IED 502 may include a communication interface 502 configured to communicate with a communication network. IED 502 may communicate with other IEDs or other devices or systems (e.g., a SCADA system, a wide-area situational awareness system, etc.). The communication interface 502 may be embodied as a network interface, optical interface, a serial interface, or a variety of other types of communication interfaces. IED 502 may also include a time input 504, which may be used to receive a time signal from a Navigation Satellite System (GNSS) or other system, such as the WWVB system. In certain embodiments, a common time reference may be received via network interface 502, and accordingly, a separate time input 504 and/or Global time input 506 may not be necessary. One such embodiment may employ the IEEE 1588 protocol.
A monitored equipment interface 508 may be configured to receive equipment status information from, and issue control instructions to a piece of monitored equipment, such breaker 542. In some embodiments, the equipment status information and/or control instructions may be communicated over the communications interface 502.

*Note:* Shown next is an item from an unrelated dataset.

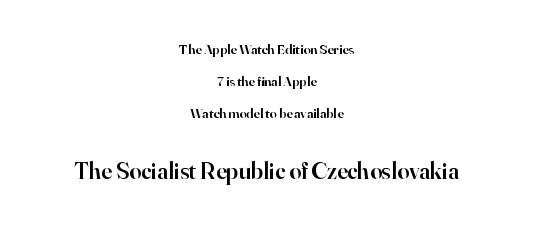
{"italic": "no", "bold": "semi", "underline": "no", "align": "center", "line_spacing": "loose", "line_spacing_ratio": 2.28, "letter_spacing": "normal", "letter_spacing_em": 0.0, "larger_block": "second", "size_ratio": 1.71, "glyph_px": 24}

A computer-readable storage medium 510 may be the repository of one or more modules and/or executable instructions configured to implement any of the processes described herein. A data bus 512 may link monitored equipment interface 508, time input 504, communication interface 502, and the computer-readable storage medium 510 to a processor 514.
Processor 514 may be configured to process communications received via communications interface 502, time input 504, and/or monitored equipment interface 508. Processor 514 may operate using any number of processing rates and architectures. Processor 514 may be configured to perform various algorithms and calculations described herein using computer executable instructions stored on computer-readable storage medium 510. Processor 514 may be embodied as a general purpose integrated circuit, an application specific integrated circuit, a field-programmable gate array, and/or other programmable logic devices.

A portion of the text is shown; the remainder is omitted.